TASK ITEM:
Word for word, output the data, with none of its pictures.

+++ DATA SEGMENT +++

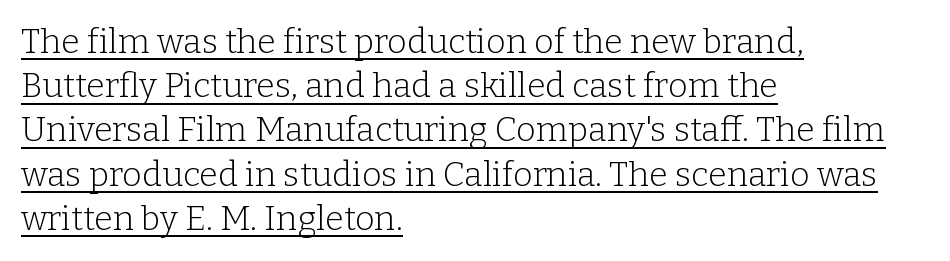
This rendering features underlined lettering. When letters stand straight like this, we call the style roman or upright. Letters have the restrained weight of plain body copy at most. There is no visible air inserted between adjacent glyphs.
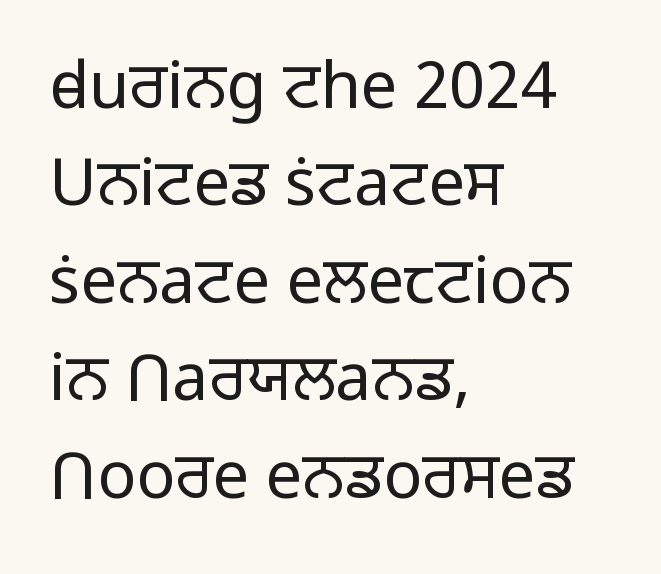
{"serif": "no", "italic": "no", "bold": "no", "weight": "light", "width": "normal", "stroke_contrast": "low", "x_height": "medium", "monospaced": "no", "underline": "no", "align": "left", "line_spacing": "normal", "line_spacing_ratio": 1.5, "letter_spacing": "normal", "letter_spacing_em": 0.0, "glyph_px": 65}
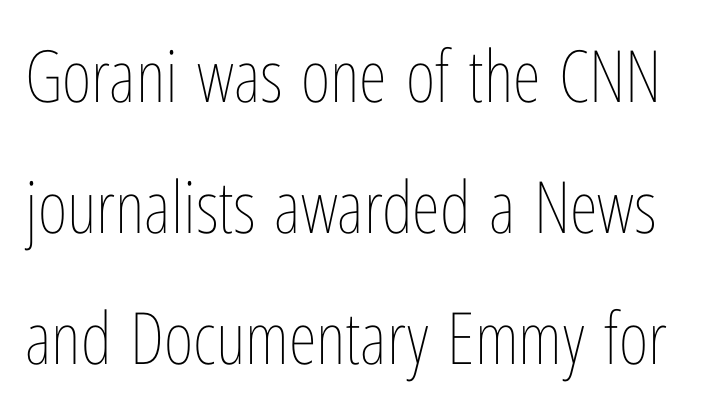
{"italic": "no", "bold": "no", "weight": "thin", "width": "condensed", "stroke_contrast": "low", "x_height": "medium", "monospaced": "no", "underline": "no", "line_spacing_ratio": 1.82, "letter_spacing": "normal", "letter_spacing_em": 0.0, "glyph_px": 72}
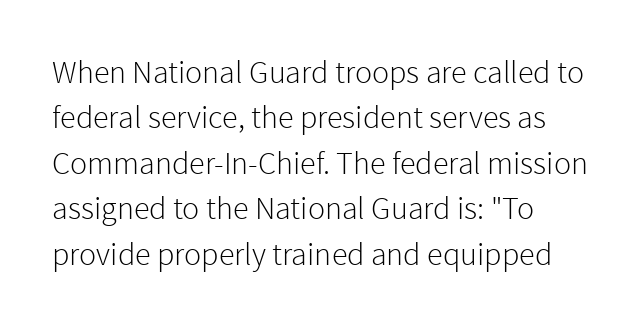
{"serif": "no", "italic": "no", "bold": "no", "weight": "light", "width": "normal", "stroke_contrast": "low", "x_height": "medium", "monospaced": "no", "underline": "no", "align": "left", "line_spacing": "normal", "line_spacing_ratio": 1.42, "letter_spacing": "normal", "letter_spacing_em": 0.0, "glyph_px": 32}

+++

RESULT:
This rendering features underlined lettering. When letters stand straight like this, we call the style roman or upright. Letters have the restrained weight of plain body copy at most. There is no visible air inserted between adjacent glyphs.
{"serif": "no", "italic": "no", "bold": "no", "weight": "light", "width": "normal", "stroke_contrast": "low", "x_height": "medium", "monospaced": "no", "underline": "no", "align": "left", "line_spacing": "normal", "line_spacing_ratio": 1.5, "letter_spacing": "normal", "letter_spacing_em": 0.0, "glyph_px": 65}
{"italic": "no", "bold": "no", "weight": "thin", "width": "condensed", "stroke_contrast": "low", "x_height": "medium", "monospaced": "no", "underline": "no", "line_spacing_ratio": 1.82, "letter_spacing": "normal", "letter_spacing_em": 0.0, "glyph_px": 72}
{"serif": "no", "italic": "no", "bold": "no", "weight": "light", "width": "normal", "stroke_contrast": "low", "x_height": "medium", "monospaced": "no", "underline": "no", "align": "left", "line_spacing": "normal", "line_spacing_ratio": 1.42, "letter_spacing": "normal", "letter_spacing_em": 0.0, "glyph_px": 32}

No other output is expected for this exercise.